»»

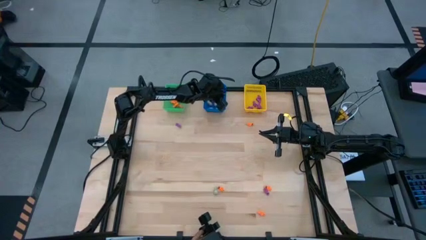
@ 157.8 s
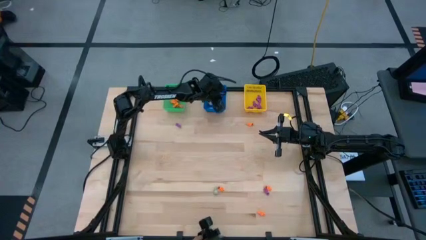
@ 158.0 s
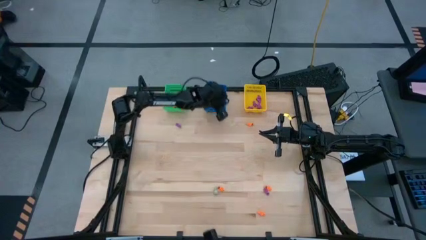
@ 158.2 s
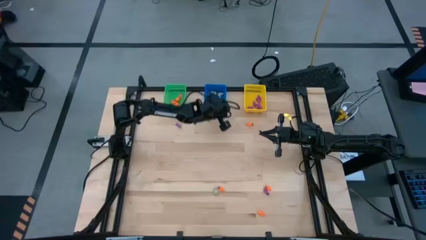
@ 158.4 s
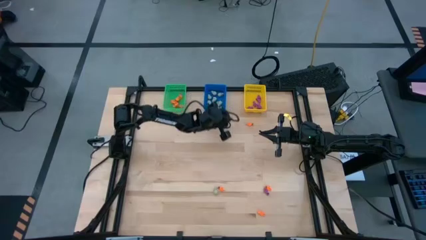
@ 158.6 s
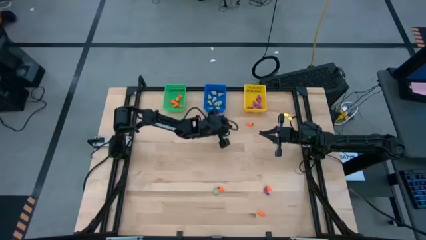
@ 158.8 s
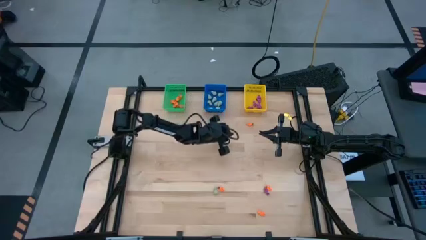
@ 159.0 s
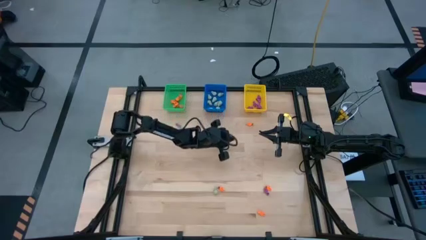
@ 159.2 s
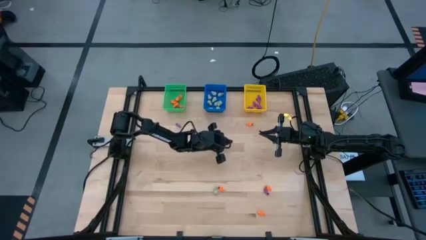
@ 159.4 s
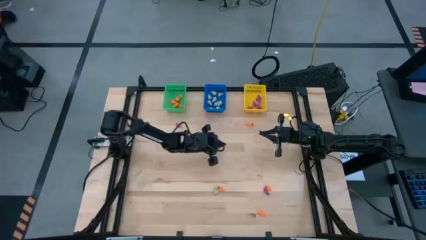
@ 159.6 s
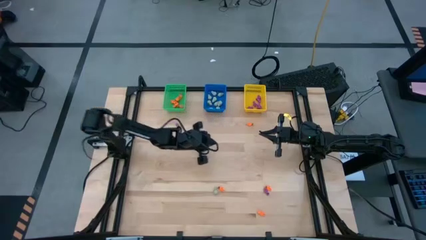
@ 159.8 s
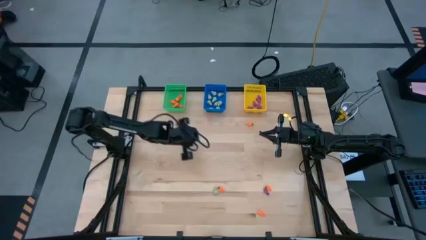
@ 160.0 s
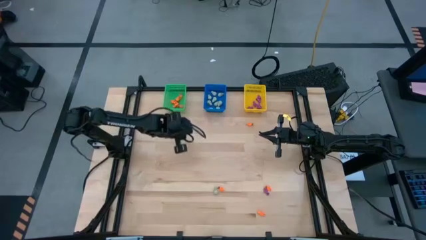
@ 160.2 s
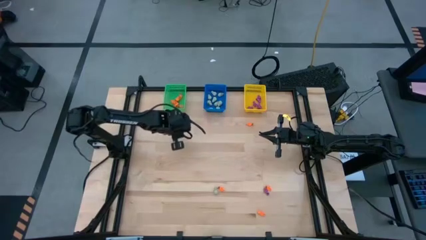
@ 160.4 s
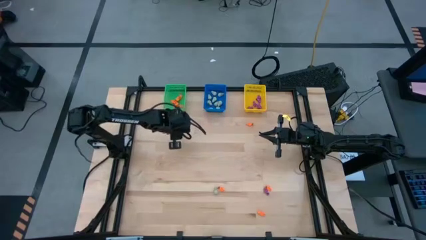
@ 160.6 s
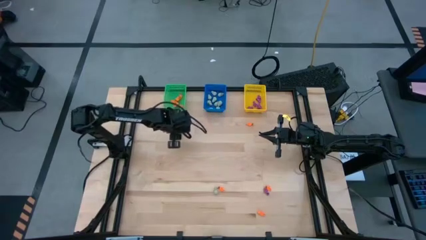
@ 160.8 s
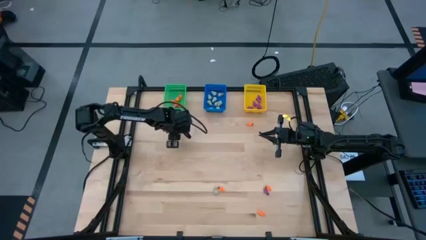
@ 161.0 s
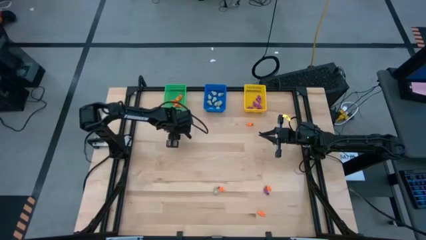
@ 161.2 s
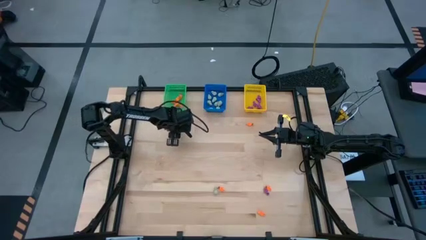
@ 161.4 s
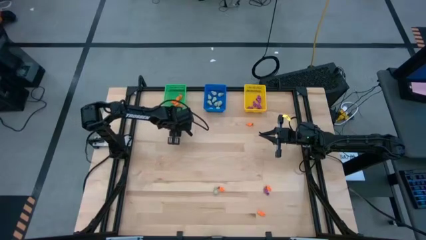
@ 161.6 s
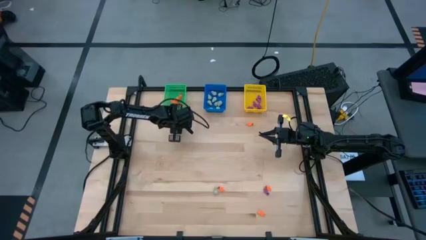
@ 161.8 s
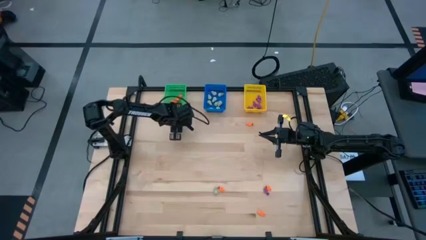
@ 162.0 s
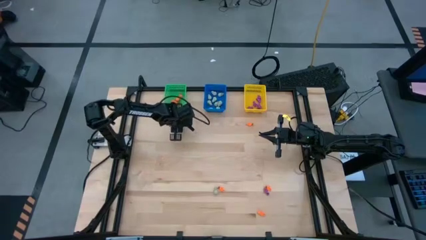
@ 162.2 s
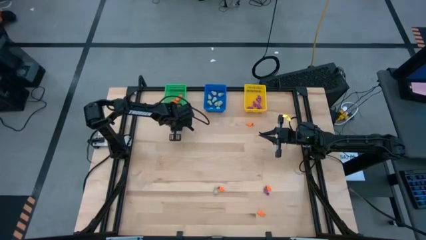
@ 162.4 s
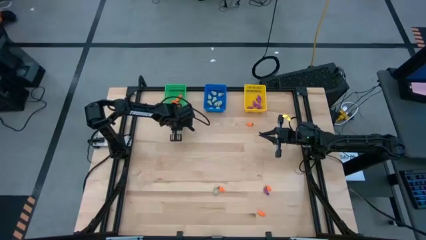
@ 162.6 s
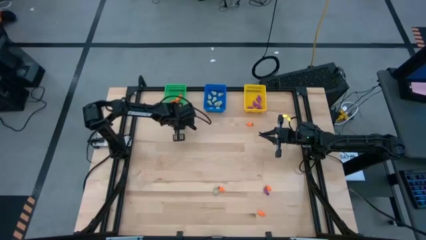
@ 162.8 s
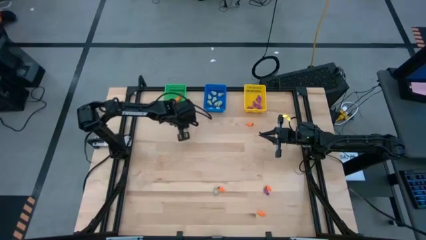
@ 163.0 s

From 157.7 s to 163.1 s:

««

**INSTRUCTIONS FOR THE TASK:** Only the text of the records belongs in your answer, copied exactly as it appears above.

**RESPONSE TO THIS EXERCISE:**
@ 157.8 s
@ 158.0 s
@ 158.2 s
@ 158.4 s
@ 158.6 s
@ 158.8 s
@ 159.0 s
@ 159.2 s
@ 159.4 s
@ 159.6 s
@ 159.8 s
@ 160.0 s
@ 160.2 s
@ 160.4 s
@ 160.6 s
@ 160.8 s
@ 161.0 s
@ 161.2 s
@ 161.4 s
@ 161.6 s
@ 161.8 s
@ 162.0 s
@ 162.2 s
@ 162.4 s
@ 162.6 s
@ 162.8 s
@ 163.0 s

From 157.7 s to 163.1 s:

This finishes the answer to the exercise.